The three reviewers converge on the view that this paper tackles a timely and important question—how LLMs balance self-interest and collective well-being in cooperation—and that the experimental design is careful and methodologically sound. All reviewers highlight the observed cooperation patterns as a noteworthy and insightful finding for multi-agent research and better social outcomes.

The weaknesses pointed out by the reviewers are mitigated by the authors in the rebuttal process as follows.

  • Robustness of the methods: The authors conducted targeted experiments altering key game parameters to evaluate the robustness of the methods.
  • The scope of the paper: The authors pointed out that using PGG allows for direct comparison with robust human behavioral data from Gurerk et al. and subsequent large-scale replications.
  • Synthetic Prompting: The authors' findings from the prompt test suggest that the core behavioral patterns largely persisted for both Llama-3.3-70B (maintaining high cooperation) and o1-mini, indicating that their main conclusions are not solely an artifact of the initial technical phrasing.

To sum up, all reviewers recommend the "accept" decision.
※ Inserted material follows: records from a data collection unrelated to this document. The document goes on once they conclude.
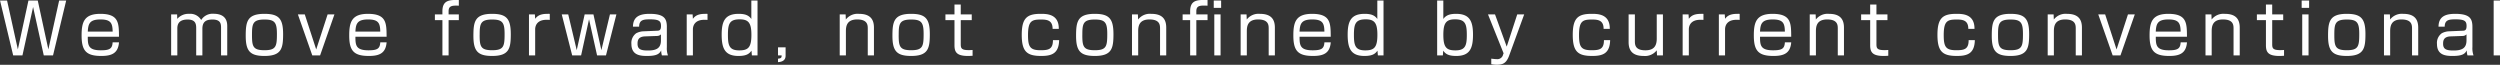 <svg xmlns="http://www.w3.org/2000/svg" width="646.531" height="16.75" viewBox="0 0 646.531 16.75">
  <rect x="0" y="0" width="646.531" height="16.75" fill="#333333" stroke="none"/>
  <defs>
    <style>
      .cls-1 {
        fill: #fff;
        fill-rule: evenodd;
      }
    </style>
  </defs>
  <path id="read22.svg" class="cls-1" d="M52.1,2484.61h2.395l3.4-14.19H56.076l-2.791,12.64-2.737-12.64H48.135L45.4,2483.06l-2.791-12.64H40.789l3.4,14.19h2.395l2.755-12.52Zm19.451-4.83c-0.018-3.57-.054-5.92-4.825-5.92-4.213,0-4.843,2.16-4.843,5.6,0,3.96,1.188,5.29,5.1,5.29,2.719,0,4.357-.72,4.573-3.53H69.909c-0.09,1.62-.72,2.07-3.061,2.07-3.259,0-3.367-1.33-3.367-3.51h8.066Zm-8.066-1.33c0.108-1.97.432-3.14,3.277-3.14,2.7,0,3.115.98,3.151,3.14H63.481ZM85.04,2474v10.61h1.6v-6.99c0-1.77,1.17-2.29,2.665-2.29,2.215,0,2.215,1.37,2.215,2.4v6.88h1.6v-6.88c0-1.77.882-2.4,2.611-2.4,2.161,0,2.215,1.19,2.215,2.16v7.12h1.6v-7.46c0-.86,0-3.31-3.547-3.31a3.441,3.441,0,0,0-3.187,1.62,3.243,3.243,0,0,0-3.115-1.6,3.8,3.8,0,0,0-3.079,1.31L86.588,2474H85.04Zm24.132-.14c-4.447,0-4.844,1.99-4.844,5.69,0,3.92,1.1,5.2,4.844,5.2,4.429,0,4.825-1.98,4.825-5.65C114,2475.12,112.9,2473.86,109.172,2473.86Zm-3.223,5.45c0-2.86.18-3.98,3.223-3.98,2.683,0,3.223.79,3.223,3.73,0,3.2-.216,4.21-3.223,4.21C106.183,2483.27,105.949,2482.25,105.949,2479.31Zm21.322-5.31h-1.765l-2.952,9.07L119.6,2474h-1.783l3.727,10.61h2.017Zm13.489,5.78c-0.018-3.57-.054-5.92-4.825-5.92-4.213,0-4.843,2.16-4.843,5.6,0,3.96,1.188,5.29,5.095,5.29,2.719,0,4.357-.72,4.573-3.53h-1.638c-0.09,1.62-.72,2.07-3.061,2.07-3.259,0-3.367-1.33-3.367-3.51h8.066Zm-8.066-1.33c0.108-1.97.432-3.14,3.277-3.14,2.7,0,3.115.98,3.151,3.14h-6.428Zm22.5-4.45h-1.945v1.49h1.945v9.12h1.6v-9.12h2.647V2474h-2.647v-0.83c0-1.4.918-1.49,2.647-1.42v-1.48c-2.467-.03-4.249.04-4.249,2.96V2474Zm12.858-.14c-4.447,0-4.844,1.99-4.844,5.69,0,3.92,1.1,5.2,4.844,5.2,4.429,0,4.825-1.98,4.825-5.65C172.872,2475.12,171.774,2473.86,168.047,2473.86Zm-3.223,5.45c0-2.86.18-3.98,3.223-3.98,2.683,0,3.223.79,3.223,3.73,0,3.2-.216,4.21-3.223,4.21C165.058,2483.27,164.824,2482.25,164.824,2479.31Zm12.751-5.31v10.61h1.6v-6.72c0-1.21.72-2.49,2.935-2.49,0.234,0,.432,0,0.846.02v-1.56c-1.62-.02-2.881.05-3.781,1.29l-0.072-1.15h-1.531Zm17.612,10.61h2.3l2.7-10.61h-1.675l-2.215,9.25-2.052-9.25h-2.269l-2.052,9.25-2.2-9.25h-1.675l2.7,10.61h2.305l2.052-9.35Zm18.046-7.33c0-2.11-.576-3.42-4.447-3.42-2.359,0-4.286.57-4.322,3.31h1.6c0.018-1.75,1.116-1.89,2.791-1.89,2.394,0,2.862.47,2.862,1.73,0,1.19-.522,1.2-1.08,1.22l-3.565.15a4.357,4.357,0,0,0-1.764.5,3.07,3.07,0,0,0-1.243,2.77c0,2.9,2.251,3.1,4.033,3.1,2.593,0,3.205-.56,3.673-1.44a4.4,4.4,0,0,0,.181,1.3h1.566a5.467,5.467,0,0,1-.288-2.15v-5.18Zm-1.531,3.45c0,2-1.152,2.61-3.349,2.61-1.71,0-2.7-.25-2.7-1.71,0-.72.036-1.87,1.944-1.94l3.115-.11a1.423,1.423,0,0,0,.99-0.41v1.56Zm6.666-6.73v10.61h1.6v-6.72c0-1.21.72-2.49,2.934-2.49,0.235,0,.433,0,0.847.02v-1.56c-1.621-.02-2.881.05-3.781,1.29L219.9,2474h-1.531Zm16.712-3.58v4.77c-0.649-.92-1.531-1.33-3.277-1.33-3.493,0-4.394,1.85-4.394,5.38,0,3.49.792,5.51,4.34,5.51,2.016,0,2.772-.52,3.367-1.37l0.108,1.23h1.458v-14.19h-1.6Zm-3.007,4.86c2.358,0,3.025,1.04,3.025,4.03,0,3.26-.847,4-3.151,4-2.611,0-2.917-1.35-2.917-4C229.03,2476.48,229.426,2475.28,232.073,2475.28Zm9.906,7.24v2.09h0.937c0,0.57-.108.77-0.937,0.84v0.9c1.927-.11,1.963-1.26,1.963-1.73v-2.1h-1.963Zm15.957-8.52v10.61h1.6v-6.22c0-1.29.2-3.08,2.917-3.08s2.737,1.5,2.737,2.38v6.92h1.6v-7.19c0-2.36-1.189-3.56-3.872-3.56a3.832,3.832,0,0,0-3.4,1.47l-0.054-1.33h-1.53Zm18.477-.14c-4.447,0-4.843,1.99-4.843,5.69,0,3.92,1.1,5.2,4.843,5.2,4.429,0,4.826-1.98,4.826-5.65C281.239,2475.12,280.14,2473.86,276.413,2473.86Zm-3.223,5.45c0-2.86.18-3.98,3.223-3.98,2.683,0,3.223.79,3.223,3.73,0,3.2-.216,4.21-3.223,4.21C273.424,2483.27,273.19,2482.25,273.19,2479.31Zm14.426-5.31h-2.341v1.49h2.341v6.47c0,1.74.5,2.79,3.493,2.79,0.576,0,.918-0.04,1.189-0.05v-1.5c-0.271.02-.5,0.04-1.045,0.04-2.016,0-2.016-.62-2.016-1.73v-6.02h2.844V2474h-2.844v-2.54h-1.621V2474Zm26.977,3.74c0.036-3.88-3.133-3.88-4.7-3.88-3.493,0-4.88,1.06-4.88,5.43,0,4.34,1.333,5.46,5.024,5.46,2.61,0,4.573-.54,4.645-4.09h-1.6c0,2.36-1.135,2.61-3.223,2.61-2.7,0-3.223-.9-3.223-3.9,0-3.68.954-4.04,3.367-4.04,1.566,0,2.989.2,2.989,2.41h1.6Zm9.312-3.88c-4.447,0-4.843,1.99-4.843,5.69,0,3.92,1.1,5.2,4.843,5.2,4.43,0,4.826-1.98,4.826-5.65C328.731,2475.12,327.633,2473.86,323.9,2473.86Zm-3.223,5.45c0-2.86.181-3.98,3.223-3.98,2.683,0,3.223.79,3.223,3.73,0,3.2-.216,4.21-3.223,4.21C320.917,2483.27,320.682,2482.25,320.682,2479.31Zm12.842-5.31v10.61h1.6v-6.22c0-1.29.2-3.08,2.917-3.08s2.737,1.5,2.737,2.38v6.92h1.6v-7.19c0-2.36-1.189-3.56-3.872-3.56a3.832,3.832,0,0,0-3.4,1.47l-0.054-1.33h-1.53Zm15.038,0h-1.945v1.49h1.945v9.12h1.6v-9.12h2.9V2474h-2.9v-0.83c0-1.53,1.1-1.49,2.9-1.42v-1.48c-2.646-.03-4.5-0.05-4.5,2.96V2474Zm6.248,0v10.61h1.62V2474h-1.62Zm-0.144-3.58v1.89h1.908v-1.89h-1.908Zm6.954,3.58v10.61h1.6v-6.22c0-1.29.2-3.08,2.917-3.08s2.737,1.5,2.737,2.38v6.92h1.6v-7.19c0-2.36-1.188-3.56-3.871-3.56a3.831,3.831,0,0,0-3.4,1.47L363.15,2474h-1.53Zm23.3,5.78c-0.018-3.57-.054-5.92-4.825-5.92-4.214,0-4.844,2.16-4.844,5.6,0,3.96,1.189,5.29,5.1,5.29,2.719,0,4.357-.72,4.573-3.53h-1.638c-0.09,1.62-.721,2.07-3.061,2.07-3.259,0-3.367-1.33-3.367-3.51h8.066Zm-8.066-1.33c0.108-1.97.432-3.14,3.277-3.14,2.7,0,3.115.98,3.151,3.14h-6.428Zm20.115-8.03v4.77c-0.648-.92-1.53-1.33-3.277-1.33-3.493,0-4.393,1.85-4.393,5.38,0,3.49.792,5.51,4.339,5.51,2.017,0,2.773-.52,3.367-1.37l0.108,1.23h1.459v-14.19h-1.6Zm-3.007,4.86c2.359,0,3.025,1.04,3.025,4.03,0,3.26-.846,4-3.151,4-2.61,0-2.916-1.35-2.916-4C390.922,2476.48,391.318,2475.28,393.964,2475.28Zm18.48-4.86v14.19h1.476l0.09-1.23c0.612,0.88,1.405,1.37,3.367,1.37,3.529,0,4.34-1.98,4.34-5.51,0-3.57-.937-5.38-4.376-5.38-1.746,0-2.646.41-3.3,1.33v-4.77h-1.6Zm4.609,4.86c2.647,0,3.061,1.2,3.061,4.03,0,2.65-.324,4-2.935,4-2.286,0-3.133-.72-3.133-4C414.046,2476.32,414.713,2475.28,417.053,2475.28Zm8.538-1.28,4.034,10.06-0.126.33a1.515,1.515,0,0,1-1.621,1.19c-0.2,0-.738-0.04-1.44-0.13v1.44a7.544,7.544,0,0,0,1.458.13c1.513,0,2.449-.38,3.169-2.36l3.889-10.66h-1.8l-2.719,8.34L427.41,2474h-1.819Zm31.5,3.74c0.036-3.88-3.132-3.88-4.7-3.88-3.493,0-4.879,1.06-4.879,5.43,0,4.34,1.332,5.46,5.023,5.46,2.611,0,4.573-.54,4.646-4.09h-1.6c0,2.36-1.134,2.61-3.223,2.61-2.7,0-3.223-.9-3.223-3.9,0-3.68.954-4.04,3.367-4.04,1.567,0,2.989.2,2.989,2.41h1.6Zm4.866-3.74v7.17c0,2.43,1.26,3.58,3.889,3.58a3.817,3.817,0,0,0,3.385-1.46l0.072,1.32h1.53V2474h-1.6v6.28c0,2.16-1.009,3.01-2.935,3.01-2.719,0-2.719-1.51-2.719-2.41V2474h-1.62Zm13.975,0v10.61h1.6v-6.72c0-1.21.72-2.49,2.935-2.49,0.234,0,.432,0,0.846.02v-1.56c-1.621-.02-2.881.05-3.781,1.29L477.46,2474h-1.531Zm9.366,0v10.61h1.6v-6.72c0-1.21.72-2.49,2.935-2.49,0.234,0,.432,0,0.846.02v-1.56c-1.62-.02-2.881.05-3.781,1.29l-0.072-1.15H485.3Zm18.71,5.78c-0.018-3.57-.054-5.92-4.826-5.92-4.213,0-4.843,2.16-4.843,5.6,0,3.96,1.188,5.29,5.095,5.29,2.719,0,4.358-.72,4.574-3.53h-1.639c-0.09,1.62-.72,2.07-3.061,2.07-3.259,0-3.367-1.33-3.367-3.51h8.067Zm-8.067-1.33c0.108-1.97.432-3.14,3.277-3.14,2.7,0,3.115.98,3.151,3.14h-6.428ZM508.8,2474v10.61h1.6v-6.22c0-1.29.2-3.08,2.917-3.08s2.737,1.5,2.737,2.38v6.92h1.6v-7.19c0-2.36-1.188-3.56-3.871-3.56a3.831,3.831,0,0,0-3.4,1.47l-0.054-1.33H508.8Zm15.632,0h-2.341v1.49h2.341v6.47c0,1.74.5,2.79,3.493,2.79,0.576,0,.918-0.04,1.188-0.05v-1.5c-0.27.02-.5,0.04-1.044,0.04-2.017,0-2.017-.62-2.017-1.73v-6.02H528.9V2474H526.05v-2.54h-1.62V2474Zm26.977,3.74c0.036-3.88-3.133-3.88-4.7-3.88-3.493,0-4.879,1.06-4.879,5.43,0,4.34,1.332,5.46,5.024,5.46,2.61,0,4.573-.54,4.645-4.09h-1.6c0,2.36-1.134,2.61-3.223,2.61-2.7,0-3.223-.9-3.223-3.9,0-3.68.955-4.04,3.367-4.04,1.567,0,2.989.2,2.989,2.41h1.6Zm9.312-3.88c-4.447,0-4.843,1.99-4.843,5.69,0,3.92,1.1,5.2,4.843,5.2,4.43,0,4.826-1.98,4.826-5.65C565.545,2475.12,564.446,2473.86,560.719,2473.86Zm-3.223,5.45c0-2.86.18-3.98,3.223-3.98,2.683,0,3.223.79,3.223,3.73,0,3.2-.216,4.21-3.223,4.21C557.73,2483.27,557.5,2482.25,557.5,2479.31Zm12.842-5.31v10.61h1.6v-6.22c0-1.29.2-3.08,2.917-3.08s2.737,1.5,2.737,2.38v6.92h1.6v-7.19c0-2.36-1.188-3.56-3.871-3.56a3.832,3.832,0,0,0-3.4,1.47l-0.054-1.33h-1.53Zm22.528,0H591.1l-2.953,9.07L585.2,2474h-1.783l3.727,10.61h2.017Zm13.49,5.78c-0.018-3.57-.054-5.92-4.826-5.92-4.213,0-4.843,2.16-4.843,5.6,0,3.96,1.188,5.29,5.1,5.29,2.719,0,4.358-.72,4.574-3.53h-1.639c-0.09,1.62-.72,2.07-3.061,2.07-3.259,0-3.367-1.33-3.367-3.51h8.067Zm-8.067-1.33c0.108-1.97.432-3.14,3.277-3.14,2.7,0,3.115.98,3.151,3.14h-6.428Zm12.86-4.45v10.61h1.6v-6.22c0-1.29.2-3.08,2.917-3.08s2.737,1.5,2.737,2.38v6.92h1.6v-7.19c0-2.36-1.188-3.56-3.871-3.56a3.831,3.831,0,0,0-3.4,1.47l-0.054-1.33h-1.53Zm15.632,0H624.44v1.49h2.341v6.47c0,1.74.5,2.79,3.493,2.79,0.576,0,.918-0.04,1.188-0.05v-1.5c-0.27.02-.5,0.04-1.044,0.04-2.017,0-2.017-.62-2.017-1.73v-6.02h2.845V2474H628.4v-2.54h-1.62V2474Zm9.383,0v10.61H637.8V2474h-1.639Zm-0.144-3.58v1.89h1.927v-1.89H636.02Zm11.67,3.44c-4.448,0-4.844,1.99-4.844,5.69,0,3.92,1.1,5.2,4.844,5.2,4.429,0,4.825-1.98,4.825-5.65C652.515,2475.12,651.417,2473.86,647.69,2473.86Zm-3.223,5.45c0-2.86.18-3.98,3.223-3.98,2.682,0,3.223.79,3.223,3.73,0,3.2-.217,4.21-3.223,4.21C644.7,2483.27,644.467,2482.25,644.467,2479.31Zm12.841-5.31v10.61h1.6v-6.22c0-1.29.2-3.08,2.916-3.08s2.737,1.5,2.737,2.38v6.92h1.6v-7.19c0-2.36-1.189-3.56-3.871-3.56a3.83,3.83,0,0,0-3.4,1.47l-0.054-1.33h-1.531Zm22.871,3.28c0-2.11-.577-3.42-4.448-3.42-2.358,0-4.285.57-4.321,3.31h1.6c0.018-1.75,1.117-1.89,2.791-1.89,2.395,0,2.863.47,2.863,1.73,0,1.19-.522,1.2-1.08,1.22l-3.565.15a4.361,4.361,0,0,0-1.765.5,3.071,3.071,0,0,0-1.242,2.77c0,2.9,2.251,3.1,4.033,3.1,2.593,0,3.2-.56,3.673-1.44a4.427,4.427,0,0,0,.18,1.3h1.567a5.467,5.467,0,0,1-.288-2.15v-5.18Zm-1.531,3.45c0,2-1.152,2.61-3.349,2.61-1.71,0-2.7-.25-2.7-1.71,0-.72.036-1.87,1.945-1.94l3.115-.11a1.423,1.423,0,0,0,.99-0.41v1.56Zm7.026-10.31v14.19h1.638v-14.19h-1.638Z" transform="translate(-40.781 -2470.28)"/>
</svg>

I share their enthusiasm. Remaining limitations (e.g., extending this methodology to other economic games, comprehensive sensitivity analysis across a wider range of parameters and prompt styles, etc.) are typical for a first systematic study. I recommend that the authors provide a clearer summary and clarification about the limitations and future work in the revised version of this paper.